[Start of section]
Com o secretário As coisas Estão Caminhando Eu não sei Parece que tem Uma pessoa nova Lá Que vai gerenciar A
[End of section]
[Start of section]
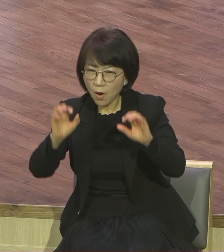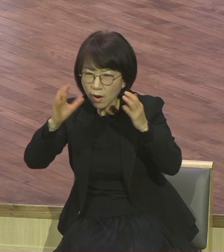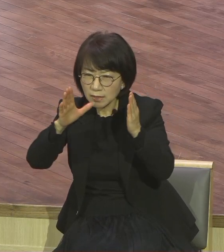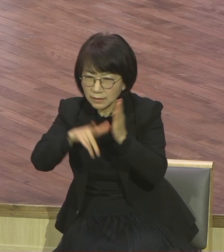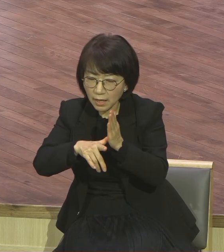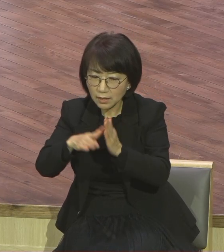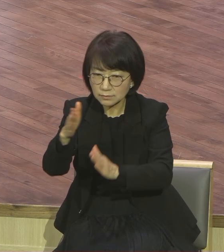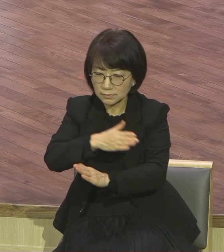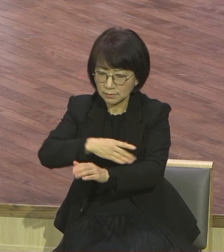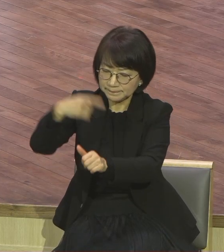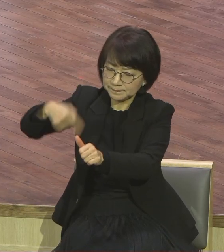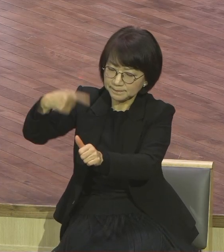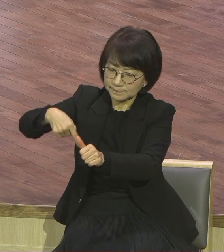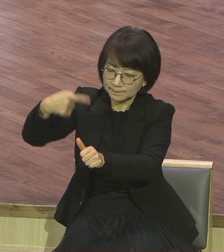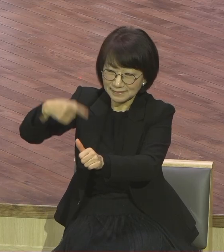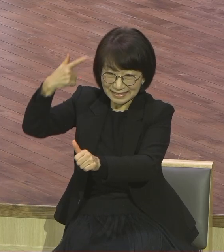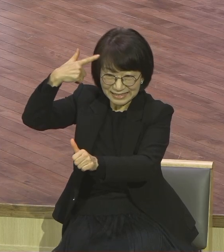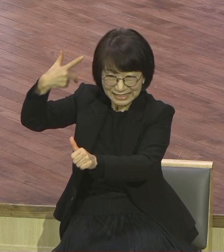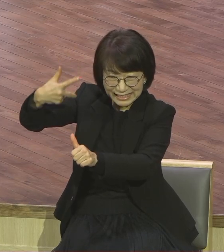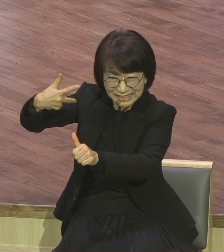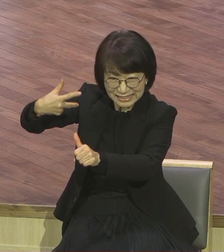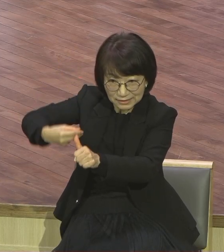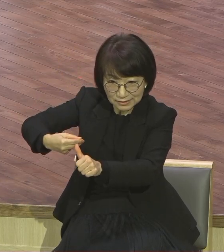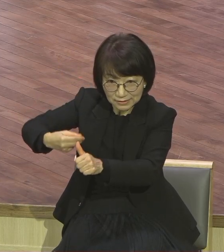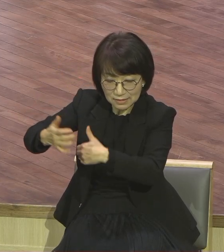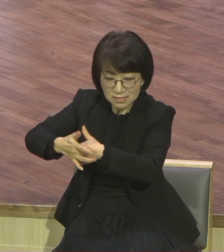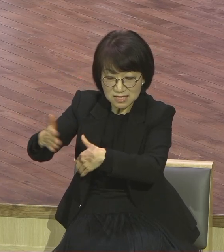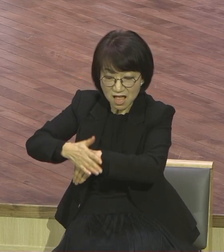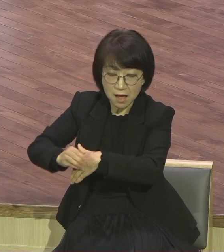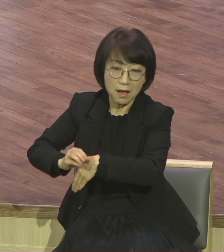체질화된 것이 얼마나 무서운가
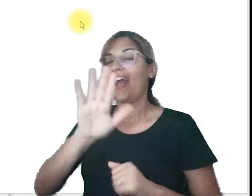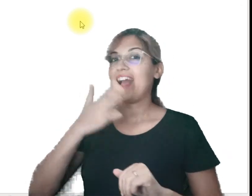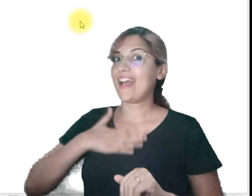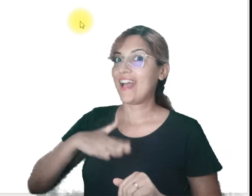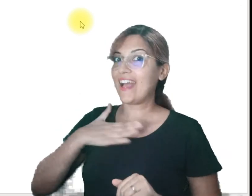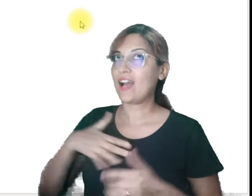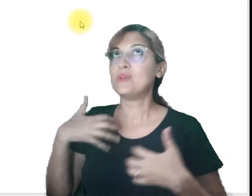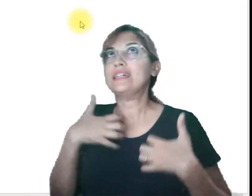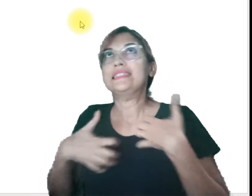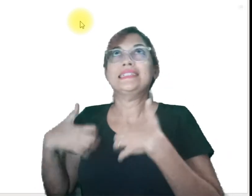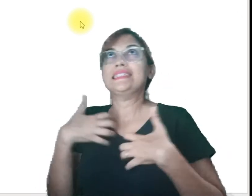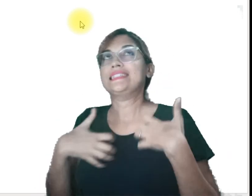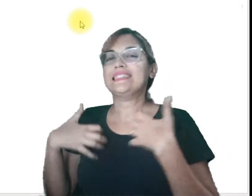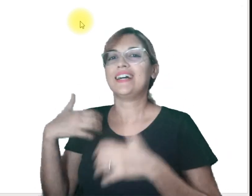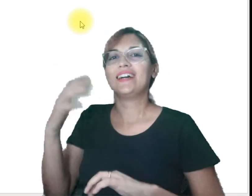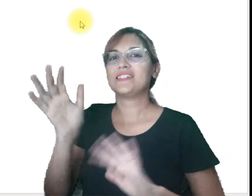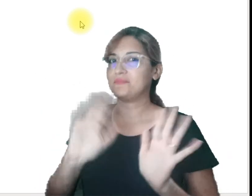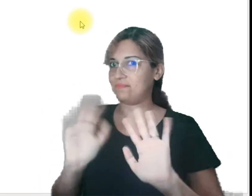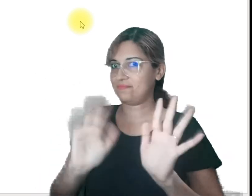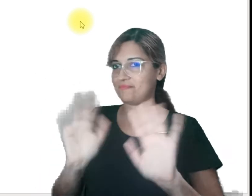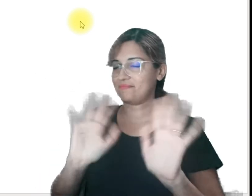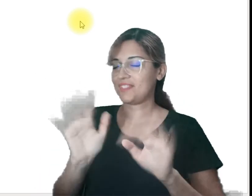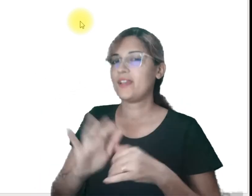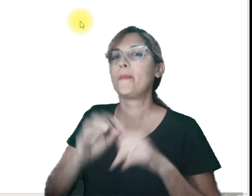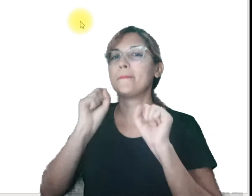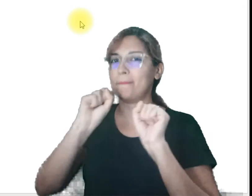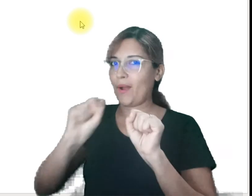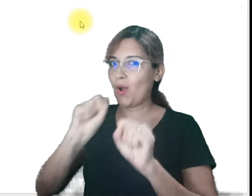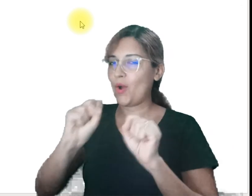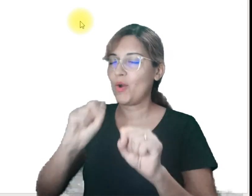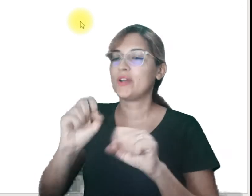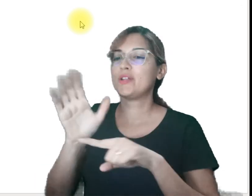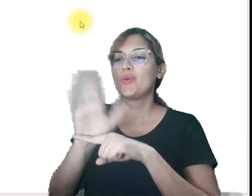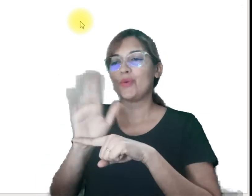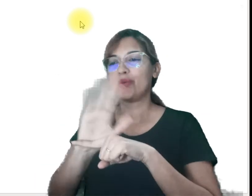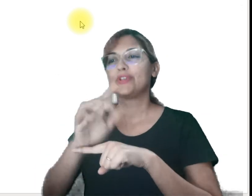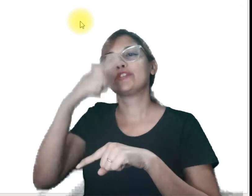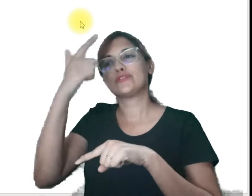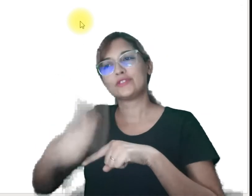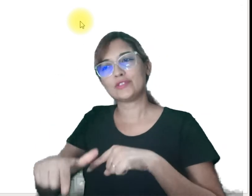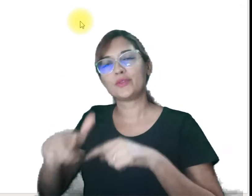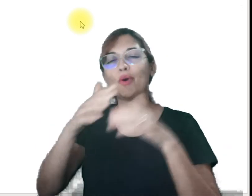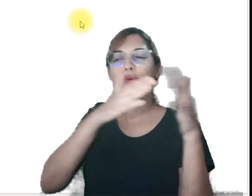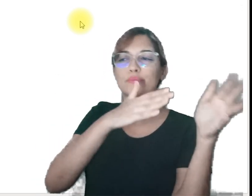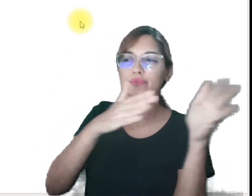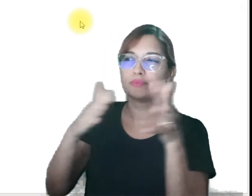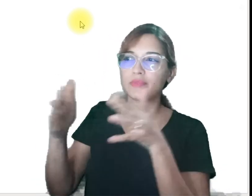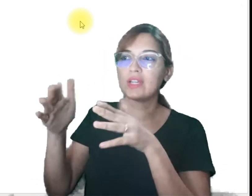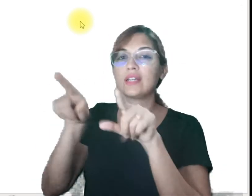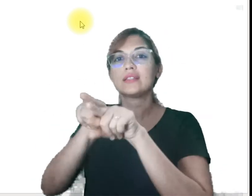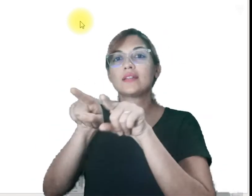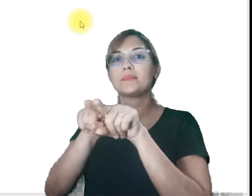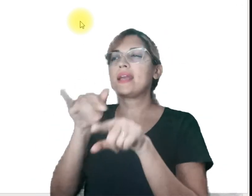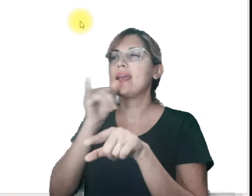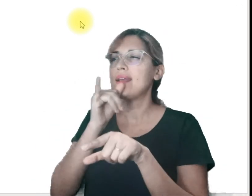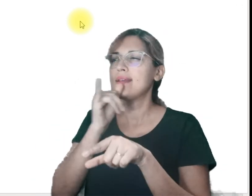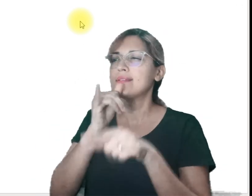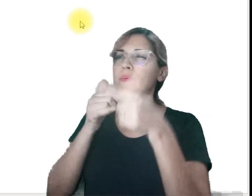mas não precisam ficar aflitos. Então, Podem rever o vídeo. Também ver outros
[End of section]
Write out exactly the lines above between the one with "체질화된 것이 얼마나 무서운가" and the one with "mas não precisam", inclusive, with pictures left out.

체질화된 것이 얼마나 무서운가
mas não precisam ficar aflitos. Então, Podem rever o vídeo. Também ver outros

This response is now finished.